What the task requires
Could you return every record below exactly as it is written?

Listed records

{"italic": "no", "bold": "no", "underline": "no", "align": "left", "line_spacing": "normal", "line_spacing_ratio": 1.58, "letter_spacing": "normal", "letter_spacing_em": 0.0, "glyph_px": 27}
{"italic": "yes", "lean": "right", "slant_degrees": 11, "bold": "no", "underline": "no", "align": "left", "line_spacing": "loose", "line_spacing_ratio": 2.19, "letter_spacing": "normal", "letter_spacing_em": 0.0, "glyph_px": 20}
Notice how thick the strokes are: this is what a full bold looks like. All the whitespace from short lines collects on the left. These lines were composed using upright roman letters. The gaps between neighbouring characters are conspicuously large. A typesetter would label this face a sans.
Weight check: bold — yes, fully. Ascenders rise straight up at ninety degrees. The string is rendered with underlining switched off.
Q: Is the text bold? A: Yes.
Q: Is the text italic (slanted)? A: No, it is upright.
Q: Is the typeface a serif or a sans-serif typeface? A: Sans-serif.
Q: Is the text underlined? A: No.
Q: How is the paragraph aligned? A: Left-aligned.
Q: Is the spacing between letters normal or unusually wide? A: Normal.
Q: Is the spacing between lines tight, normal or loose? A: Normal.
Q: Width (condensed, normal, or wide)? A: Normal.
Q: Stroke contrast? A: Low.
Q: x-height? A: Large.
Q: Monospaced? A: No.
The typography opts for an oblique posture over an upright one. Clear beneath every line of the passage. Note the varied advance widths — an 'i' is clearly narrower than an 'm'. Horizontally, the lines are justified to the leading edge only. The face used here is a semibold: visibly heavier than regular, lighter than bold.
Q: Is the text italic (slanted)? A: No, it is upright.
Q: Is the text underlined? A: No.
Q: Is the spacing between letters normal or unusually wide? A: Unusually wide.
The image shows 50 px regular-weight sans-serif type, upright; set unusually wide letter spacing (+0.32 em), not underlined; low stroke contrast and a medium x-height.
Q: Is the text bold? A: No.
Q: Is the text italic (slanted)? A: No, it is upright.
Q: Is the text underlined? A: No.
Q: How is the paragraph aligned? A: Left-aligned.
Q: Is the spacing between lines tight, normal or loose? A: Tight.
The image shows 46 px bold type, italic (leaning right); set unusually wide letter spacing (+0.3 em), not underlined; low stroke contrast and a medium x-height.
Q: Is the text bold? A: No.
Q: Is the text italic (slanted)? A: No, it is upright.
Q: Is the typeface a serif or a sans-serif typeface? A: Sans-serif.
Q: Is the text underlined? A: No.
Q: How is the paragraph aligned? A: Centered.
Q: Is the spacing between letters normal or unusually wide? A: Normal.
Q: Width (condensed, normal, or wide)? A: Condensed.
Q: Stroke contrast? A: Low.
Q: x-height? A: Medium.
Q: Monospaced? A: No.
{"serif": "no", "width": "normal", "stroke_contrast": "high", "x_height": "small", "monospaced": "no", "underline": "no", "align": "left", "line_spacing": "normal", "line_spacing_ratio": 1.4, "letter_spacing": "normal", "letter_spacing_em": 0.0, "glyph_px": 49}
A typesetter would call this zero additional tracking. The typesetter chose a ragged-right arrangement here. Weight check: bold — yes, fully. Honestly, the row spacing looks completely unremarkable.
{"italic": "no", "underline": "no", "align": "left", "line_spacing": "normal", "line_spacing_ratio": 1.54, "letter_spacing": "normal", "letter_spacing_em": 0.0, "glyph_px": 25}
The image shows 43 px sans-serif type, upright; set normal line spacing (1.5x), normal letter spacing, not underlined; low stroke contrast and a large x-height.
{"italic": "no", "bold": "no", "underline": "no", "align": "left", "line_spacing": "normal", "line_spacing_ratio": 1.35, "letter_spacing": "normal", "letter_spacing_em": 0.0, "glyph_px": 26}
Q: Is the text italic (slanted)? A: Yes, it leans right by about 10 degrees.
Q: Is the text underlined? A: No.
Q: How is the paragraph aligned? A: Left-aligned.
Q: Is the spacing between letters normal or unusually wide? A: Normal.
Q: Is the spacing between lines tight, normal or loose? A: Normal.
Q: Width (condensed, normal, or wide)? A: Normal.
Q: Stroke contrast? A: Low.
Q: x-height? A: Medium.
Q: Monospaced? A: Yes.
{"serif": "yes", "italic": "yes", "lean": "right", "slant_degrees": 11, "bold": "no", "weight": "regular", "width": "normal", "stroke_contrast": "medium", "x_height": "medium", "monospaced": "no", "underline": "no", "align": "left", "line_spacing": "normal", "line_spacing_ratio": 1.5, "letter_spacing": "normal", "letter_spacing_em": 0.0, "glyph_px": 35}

Exercise response
{"italic": "no", "bold": "no", "underline": "no", "align": "left", "line_spacing": "normal", "line_spacing_ratio": 1.58, "letter_spacing": "normal", "letter_spacing_em": 0.0, "glyph_px": 27}
{"italic": "yes", "lean": "right", "slant_degrees": 11, "bold": "no", "underline": "no", "align": "left", "line_spacing": "loose", "line_spacing_ratio": 2.19, "letter_spacing": "normal", "letter_spacing_em": 0.0, "glyph_px": 20}
Notice how thick the strokes are: this is what a full bold looks like. All the whitespace from short lines collects on the left. These lines were composed using upright roman letters. The gaps between neighbouring characters are conspicuously large. A typesetter would label this face a sans.
Weight check: bold — yes, fully. Ascenders rise straight up at ninety degrees. The string is rendered with underlining switched off.
Q: Is the text bold? A: Yes.
Q: Is the text italic (slanted)? A: No, it is upright.
Q: Is the typeface a serif or a sans-serif typeface? A: Sans-serif.
Q: Is the text underlined? A: No.
Q: How is the paragraph aligned? A: Left-aligned.
Q: Is the spacing between letters normal or unusually wide? A: Normal.
Q: Is the spacing between lines tight, normal or loose? A: Normal.
Q: Width (condensed, normal, or wide)? A: Normal.
Q: Stroke contrast? A: Low.
Q: x-height? A: Large.
Q: Monospaced? A: No.
The typography opts for an oblique posture over an upright one. Clear beneath every line of the passage. Note the varied advance widths — an 'i' is clearly narrower than an 'm'. Horizontally, the lines are justified to the leading edge only. The face used here is a semibold: visibly heavier than regular, lighter than bold.
Q: Is the text italic (slanted)? A: No, it is upright.
Q: Is the text underlined? A: No.
Q: Is the spacing between letters normal or unusually wide? A: Unusually wide.
The image shows 50 px regular-weight sans-serif type, upright; set unusually wide letter spacing (+0.32 em), not underlined; low stroke contrast and a medium x-height.
Q: Is the text bold? A: No.
Q: Is the text italic (slanted)? A: No, it is upright.
Q: Is the text underlined? A: No.
Q: How is the paragraph aligned? A: Left-aligned.
Q: Is the spacing between lines tight, normal or loose? A: Tight.
The image shows 46 px bold type, italic (leaning right); set unusually wide letter spacing (+0.3 em), not underlined; low stroke contrast and a medium x-height.
Q: Is the text bold? A: No.
Q: Is the text italic (slanted)? A: No, it is upright.
Q: Is the typeface a serif or a sans-serif typeface? A: Sans-serif.
Q: Is the text underlined? A: No.
Q: How is the paragraph aligned? A: Centered.
Q: Is the spacing between letters normal or unusually wide? A: Normal.
Q: Width (condensed, normal, or wide)? A: Condensed.
Q: Stroke contrast? A: Low.
Q: x-height? A: Medium.
Q: Monospaced? A: No.
{"serif": "no", "width": "normal", "stroke_contrast": "high", "x_height": "small", "monospaced": "no", "underline": "no", "align": "left", "line_spacing": "normal", "line_spacing_ratio": 1.4, "letter_spacing": "normal", "letter_spacing_em": 0.0, "glyph_px": 49}
A typesetter would call this zero additional tracking. The typesetter chose a ragged-right arrangement here. Weight check: bold — yes, fully. Honestly, the row spacing looks completely unremarkable.
{"italic": "no", "underline": "no", "align": "left", "line_spacing": "normal", "line_spacing_ratio": 1.54, "letter_spacing": "normal", "letter_spacing_em": 0.0, "glyph_px": 25}
The image shows 43 px sans-serif type, upright; set normal line spacing (1.5x), normal letter spacing, not underlined; low stroke contrast and a large x-height.
{"italic": "no", "bold": "no", "underline": "no", "align": "left", "line_spacing": "normal", "line_spacing_ratio": 1.35, "letter_spacing": "normal", "letter_spacing_em": 0.0, "glyph_px": 26}
Q: Is the text italic (slanted)? A: Yes, it leans right by about 10 degrees.
Q: Is the text underlined? A: No.
Q: How is the paragraph aligned? A: Left-aligned.
Q: Is the spacing between letters normal or unusually wide? A: Normal.
Q: Is the spacing between lines tight, normal or loose? A: Normal.
Q: Width (condensed, normal, or wide)? A: Normal.
Q: Stroke contrast? A: Low.
Q: x-height? A: Medium.
Q: Monospaced? A: Yes.
{"serif": "yes", "italic": "yes", "lean": "right", "slant_degrees": 11, "bold": "no", "weight": "regular", "width": "normal", "stroke_contrast": "medium", "x_height": "medium", "monospaced": "no", "underline": "no", "align": "left", "line_spacing": "normal", "line_spacing_ratio": 1.5, "letter_spacing": "normal", "letter_spacing_em": 0.0, "glyph_px": 35}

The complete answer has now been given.